REPUBLIKA.CO.ID, JAKARTA -- Politikus Partai Demokrasi Indonesia Perjuangan (PDIP), Effendy Simbolon menilai langkah pemerintah menaikkan harga Bahan Bakar Minyak (BBM) telah melanggar hukum. Sebab pemberlakuan harga baru tersebut dilakukan tanpa izin, dan bahkan tanpa berkonsultasi dengan DPR RI.
Effendy mengatakan seharusnya anggota DPR tak tutup mata melihat kesewenang-wenangan pemerintahan Presiden Joko Widodo (Jokowi) dan Jusuf Kalla (JK) dalam mengelola sektor vital milik rakyat.
"Menurut saya, persoalan kenaikan BBM ini dilakukan angket," katanya saat ditemui di Gedung MPR/DPR RI, Jakarta, Senin (30/3).
Anggota Komisi VII DPR itu menegaskan, sejak November 2014 pemerintah tak sekalipun menjelaskan soal alasan naik dan turunnya harga BBM bersubsidi.
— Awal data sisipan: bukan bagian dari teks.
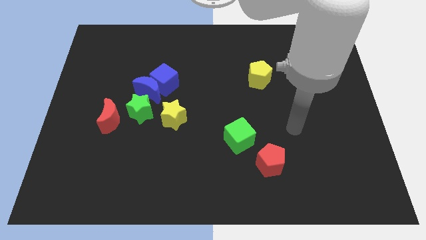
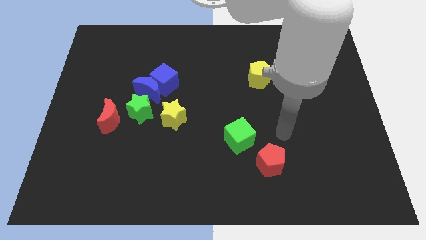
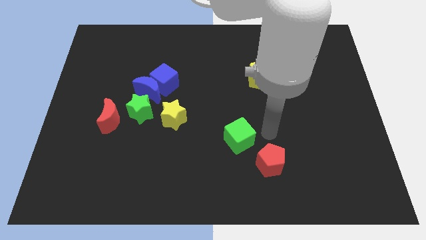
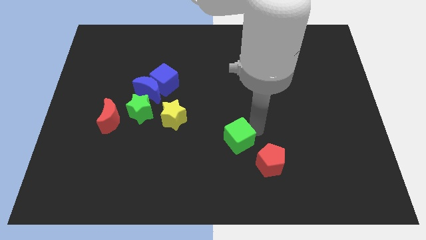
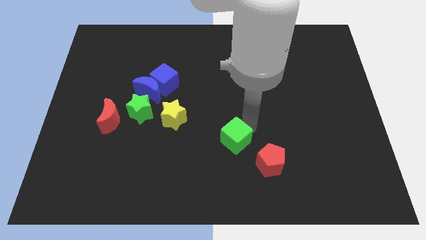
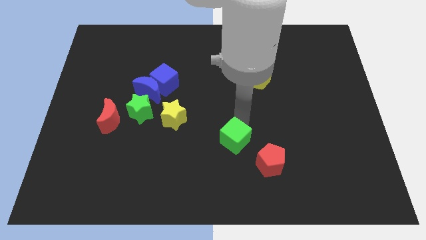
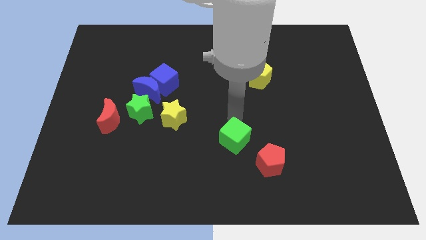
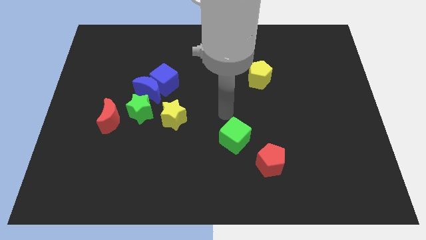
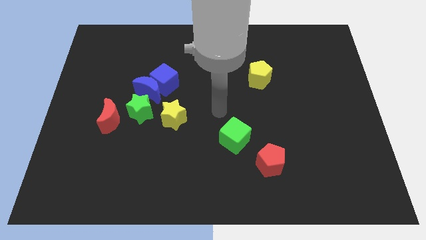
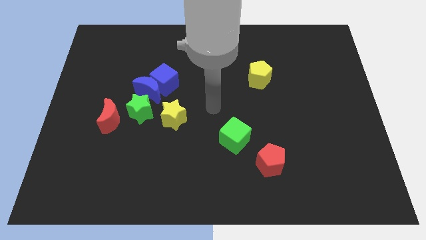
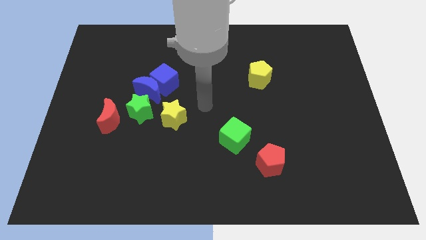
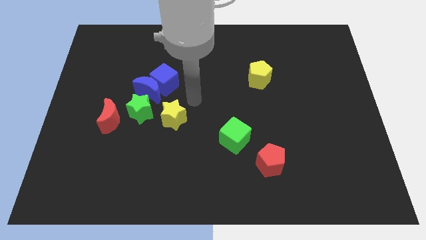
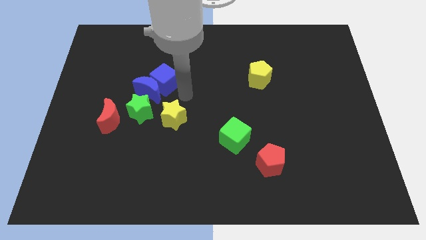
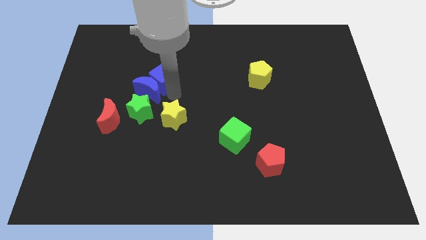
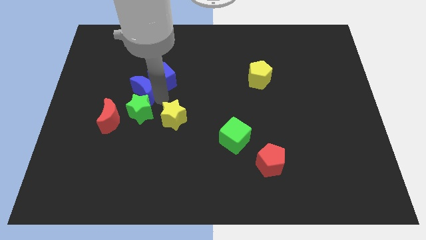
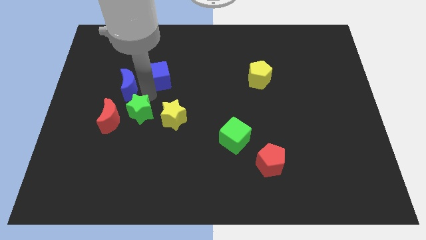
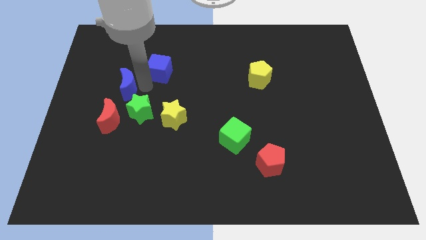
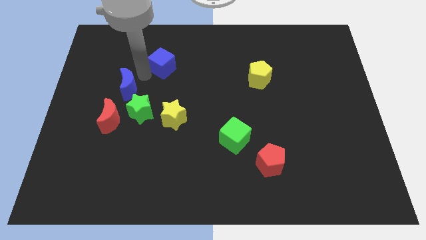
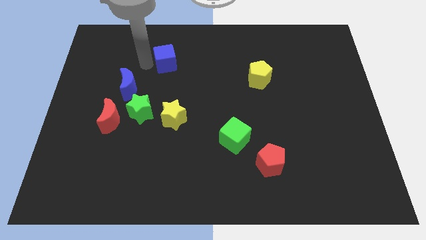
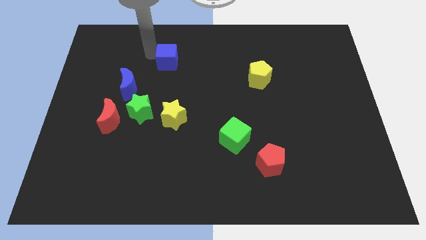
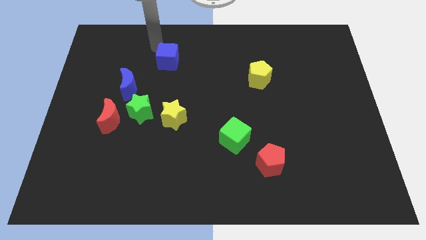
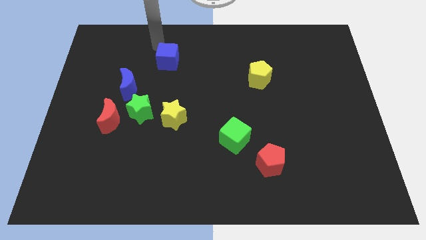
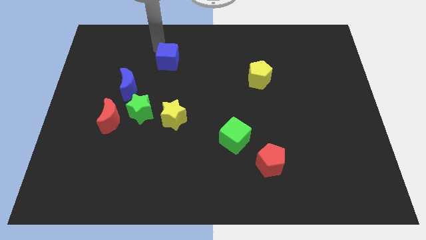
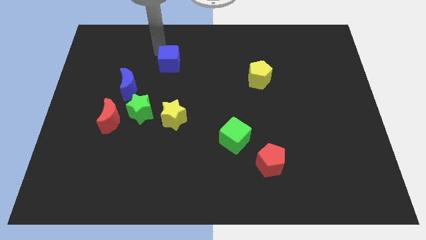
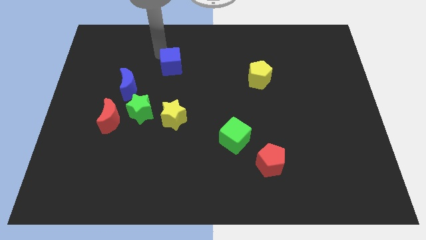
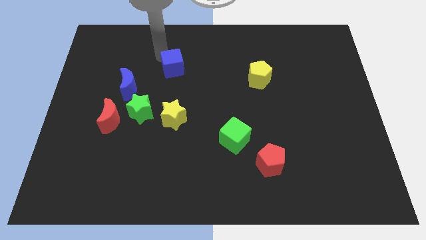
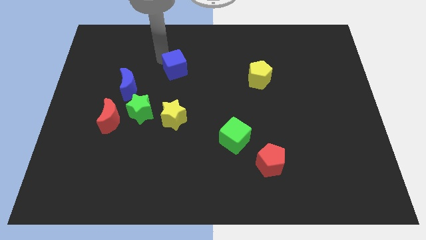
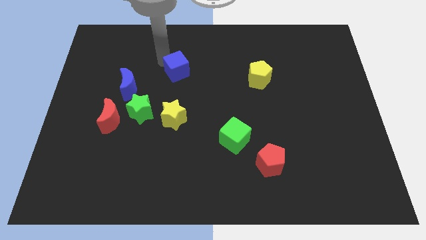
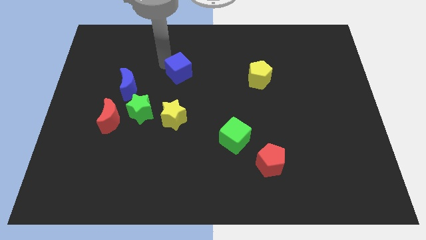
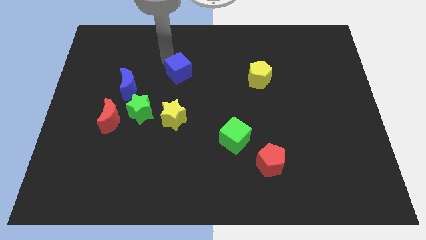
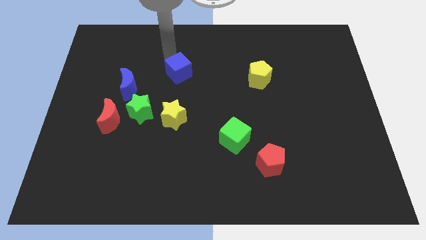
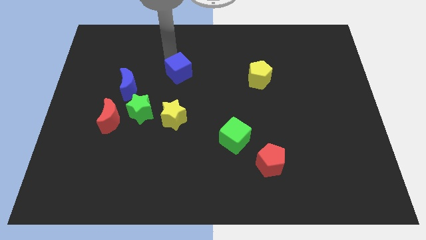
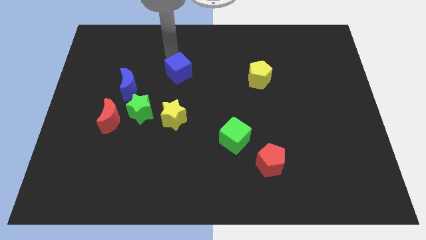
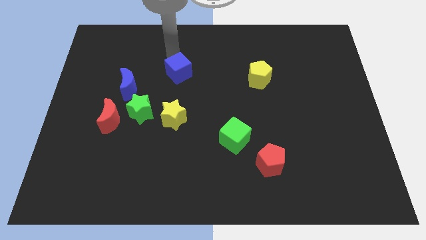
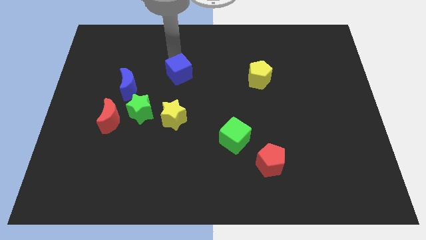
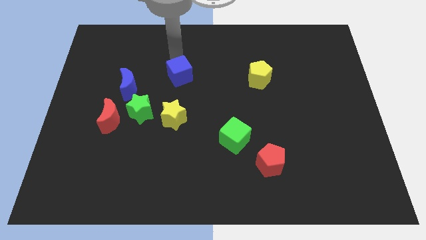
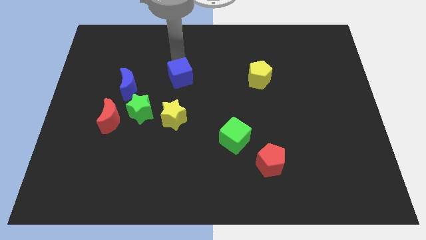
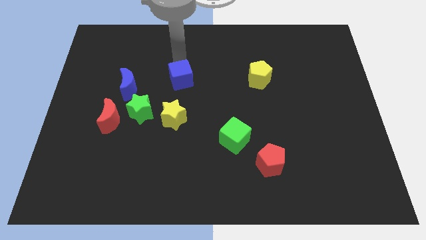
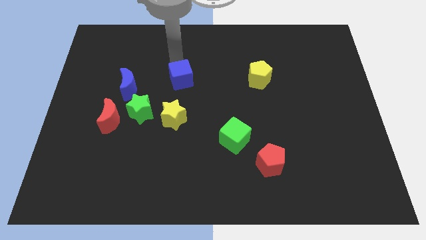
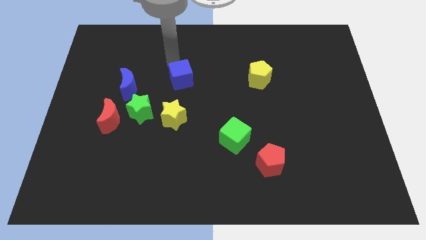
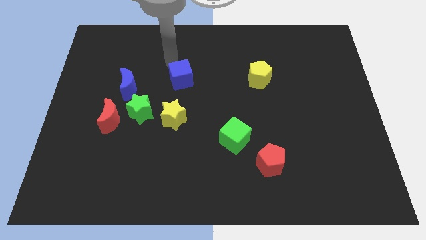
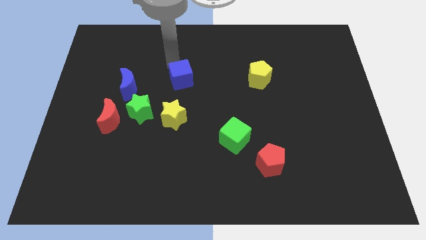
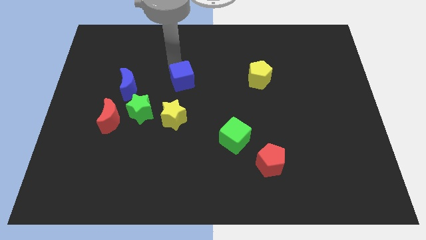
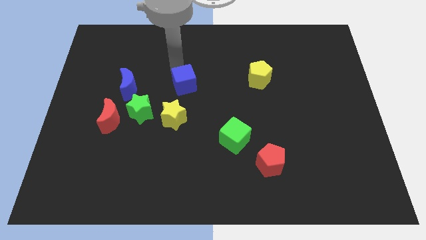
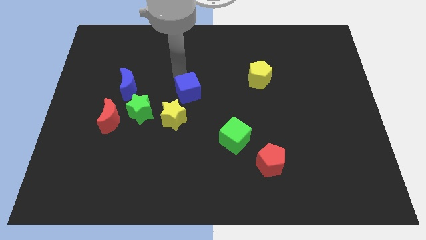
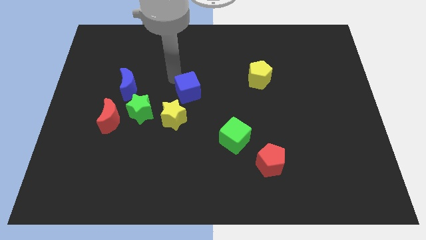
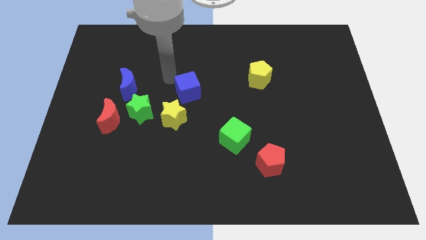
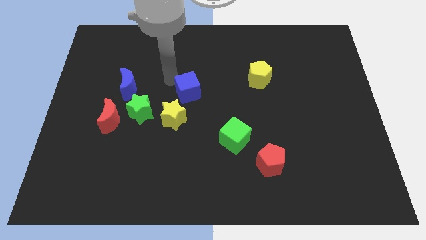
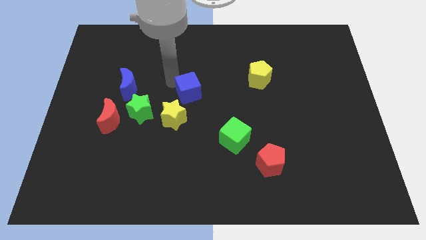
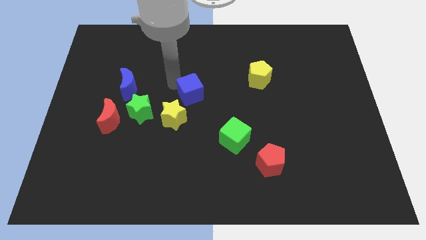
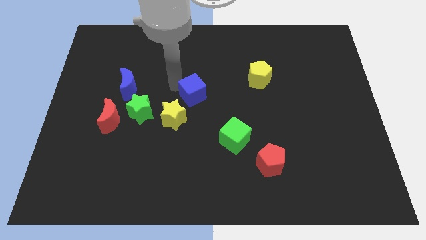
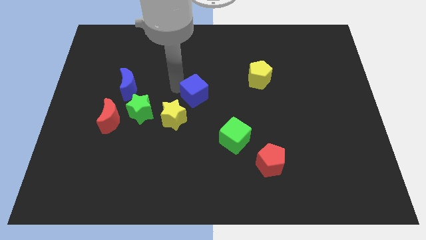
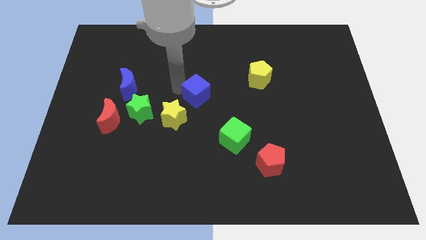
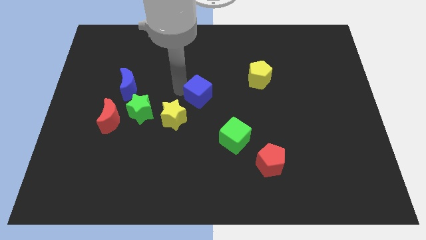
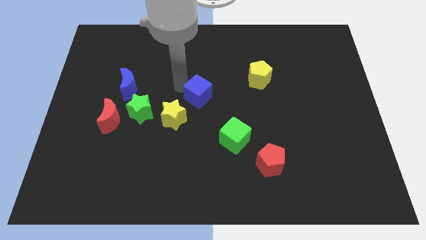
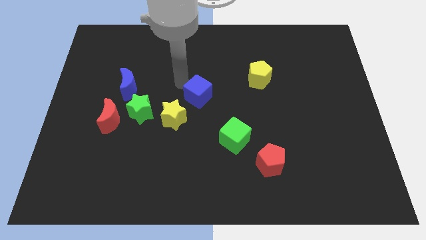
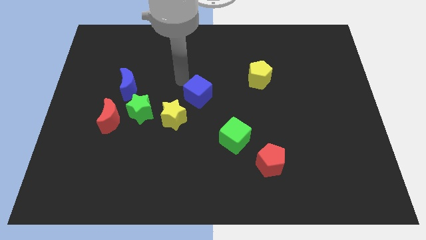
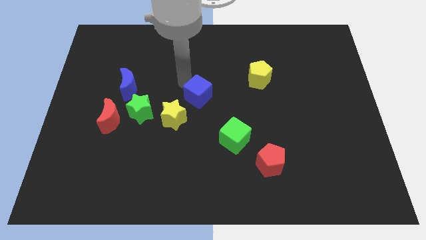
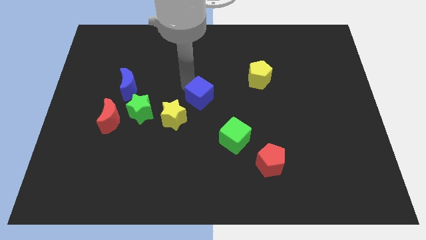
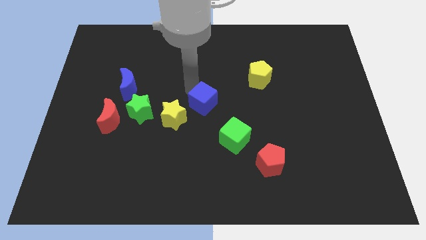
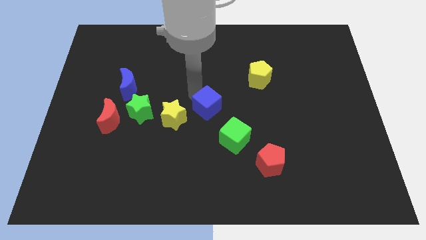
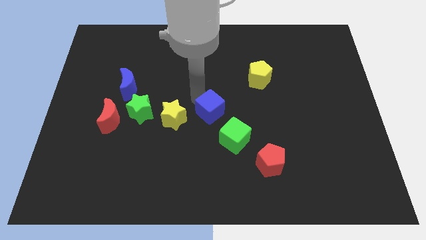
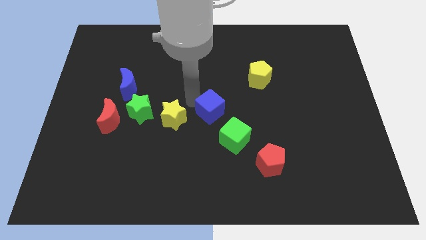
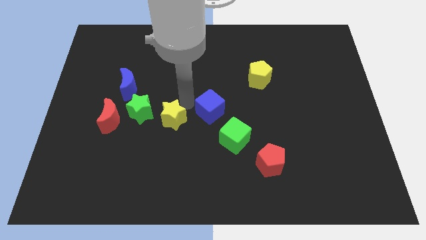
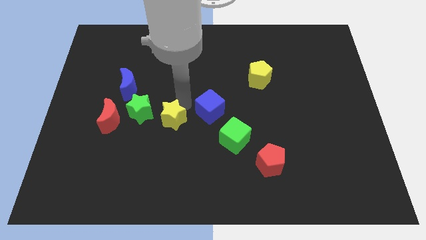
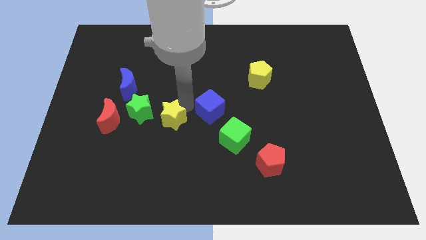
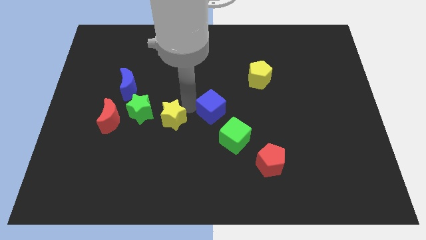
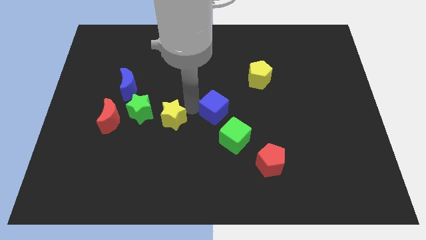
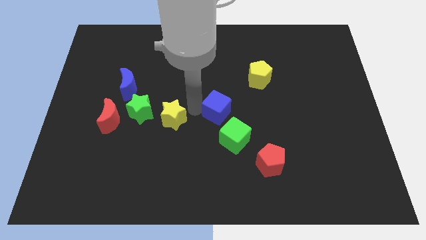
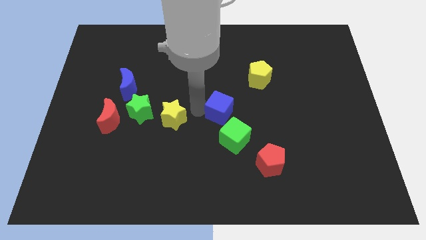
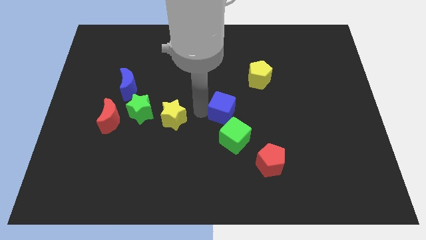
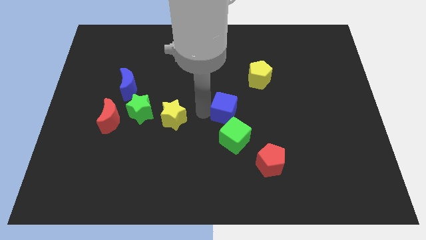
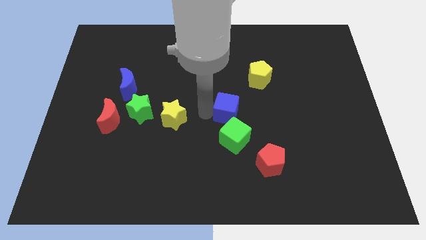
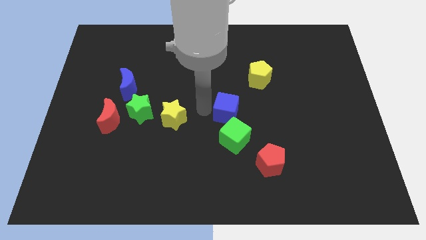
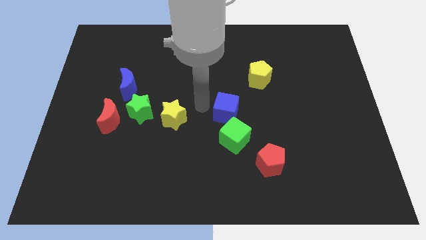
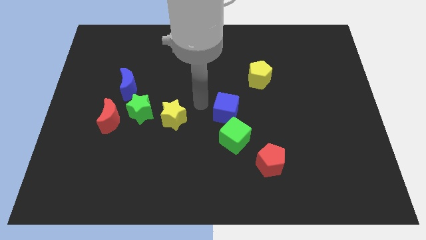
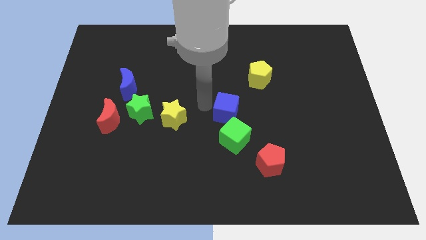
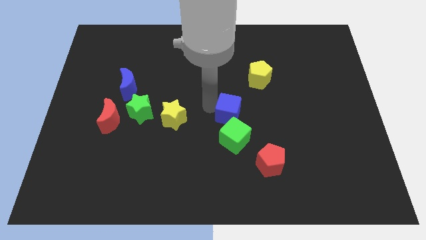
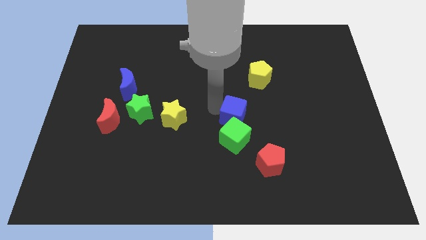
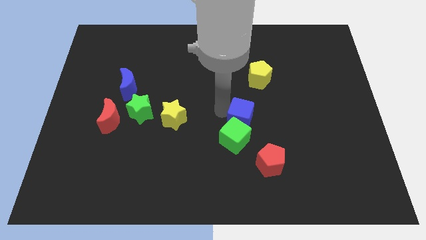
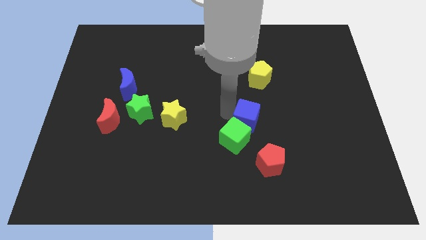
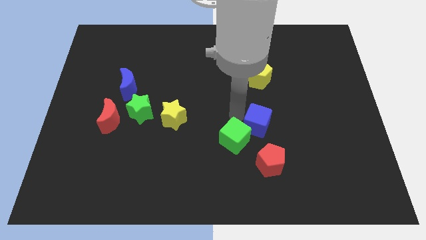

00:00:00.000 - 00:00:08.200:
move the blue cube just right of the green cube

Padahal menurutnya, DPR sebagai pemegang mandat rakyat, berhak tahu soal mekanisme pemerintah dalam mengubah harga BBM.
Karena lantaran bukan kali ini saja Presiden Jokowi memutuskan untuk meninggikan harga jenis BBM, maka perlu bagi DPR melakukan penyelidikan soal satuan harga pasti BBM versi pemerintah, serta mekanisme pemberlakuan harga, serta pendistribusiannya.
"Jokowinya yang harus menjelaskan kepada DPR. Bukan menterinya," jelasnya.
Seperti diketahui, pemerintah pada 28 Maret, mengumumkan resmi perubahan harga BBM. Dikatakan, BBM jenis premium mengalami naik harga sebesar Rp 500, dari harga semula Rp 6.900 per liter. Harga bahan bakar solar pun mengalami kenaikan dengan besaran yang sama, dari Rp 6.400 per liter, menjadi Rp 6.900.
Kenaikan harga terakhir ini, adalah yang kedua kalinya sejak Presiden Jokowi mulai memimpin pemerintahan pada Oktober 2014. Kenaikan pertama, terjadi pada November 2014. Meskipun, pada Desember 2014, pemerintah pernah kembali menurunkan harga BBM bersubsidi dari harga kenaikan pertama.
Kenaikan harga tersebut, sebenarnya dimaksudkan untuk me-ngurangi subisidi pemerintah atas konsumsi BBM nasional. Pun pemerintah menjadikan Peraturan Presiden (PP) 191/ 2014, yang menyatakan bahan bakar premium tidak lagi disubsidi, sebagai dasar hukum menaikkan harga BBM.
Akan tetapi, dilanjutkan Effendy, dasar hukum pemerintah itu tak pernah bisa dijadikan alasan menaikkan harga BBM. Sebab, kata dia, ada peraturan yang lebih tinggi dari PP, yakni Undang-undang Dasar (UUD) 1945, yang memaksa pemerintah u-ntuk tidak melepaskan harga BBM nasional ke dalam mekanisme pasar global dan pencabutan subisidi.